Bottle refill shop opens in Maplewood

Good Bottle Refill Shop, New Jersey’s first zero-waste and refill store, officially opened on Sept. 20 in Maplewood.

The shop sells a variety of items, including soaps, shampoos, conditioners, lotions, laundry detergent and shaving creams. They also have an assortment of products that support a low-waste lifestyle, like bamboo toothbrushes and reusable mugs and water bottles.

Photo via Instagram/@goodbottlerefillshop
Good Bottle Refill Shop, which opened on Sept. 20, sells various soaps, shampoos, conditioners, lotions, laundry detergents and shaving creams for customers to refill their own containers.

Deanna Taylor-Heacock, the owner of Good Bottle Refill Shop, explained that customers can bring their containers, or purchase them at the store, and use a five-step system to refill. A customer first weighs the empty container, fills it up with a product, weighs the container again, labels it and pays for it.
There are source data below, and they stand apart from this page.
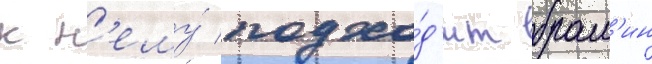
к н'ему́ подхо́д'ит брам'ин
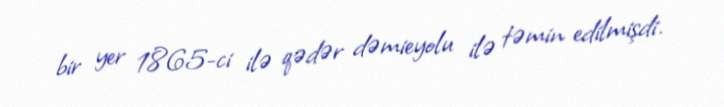
bir yer 1865-ci ilə qədər dəmieyolu ilə təmin edilmişdi.
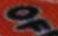
OF

Taylor-Heacock explained the inspiration behind the store.

“I started getting really concerned about the amount of waste that my family produced,” Taylor-Heacock said. “I started researching ways to reduce waste in our house. I came across the zero-waste lifestyle and the zero-waste hashtag. I was just like, I’ve got to make some changes in our house.”

She noted that she started making changes in small ways, like switching to cloth napkins and using non-paper towels instead of regular paper towels.

“I just realized a lot of the cleaning products and soaps I was buying were very wasteful; they were single-use plastics,” Taylor-Heacock said. “The laundry detergent that I was buying once a month, I could literally have that container the rest of my life because plastic does not go away.”

She also expressed her concerns about all the plastic going into oceans, wishing there was a place that she could refill some of the stuff instead of buying new each month.

Taylor-Heacock read about refill shops in the book “Zero Waste Home” by Bea Johnson. She said, “Wouldn’t it be great if there was a place where I could just refill my shampoo instead of buying new?”

After doing her research, she found out that there were no such stores nearby. There were some in California, Denver, Canada and the U.K. With her work experience in retail for her whole life, Taylor-Heacock said it seemed like a natural thing for her to take on.

Taylor-Heacock finds that college students have been more receptive to being environmentally conscious than anyone else. Alyssa Futa, a junior diplomacy major, reached out to Heacock because she was curious about the store. Futa, a member of Blue Goes Green and Environmental Protection and Conservation Commission (EPACC), said that Seton Hall students are making efforts to make the campus more sustainable, and Heacock had offered to invite Futa to the soft open of her store.

“Being environmentally friendly is very important to me because of the alternative,” Futa said. “If we aren’t making efforts in our everyday lives to decrease our consumption and waste, it’s just going to keep piling up. Where I’m from, because we’re an island, we see the effects of littering, climate change, etc. right on our doorstep. I grew up in a state where it was normal to be environmentally conscious, and I hope to bring that conscious behavior wherever I go.”

Futa has purchased some products from the refill shop and anticipates shopping there in the future, she said.

Parker LaCourse, a senior diplomacy major, said that being a college student often means that one prioritizes convenience over most other things, including sustainability or conservation.

“When assessing your own climate impacts, it’s important not to fixate on everything that you’re doing ‘wrong,’ but rather focus on all the ways you can improve. be it reducing your carbon footprint, cutting out unsustainable practices, or reducing consumption and waste,” LaCourse said.

He noted that in the society we live in, people feel obligated to come across as climate-conscious, but people are all guilty of leaving the lights on when they leave the room and the like.

LaCourse said, “The store-owners realize that sustainable practices are not always the most convenient in a consumer economy, but they’re working to make sustainable practices easier and more accessible.”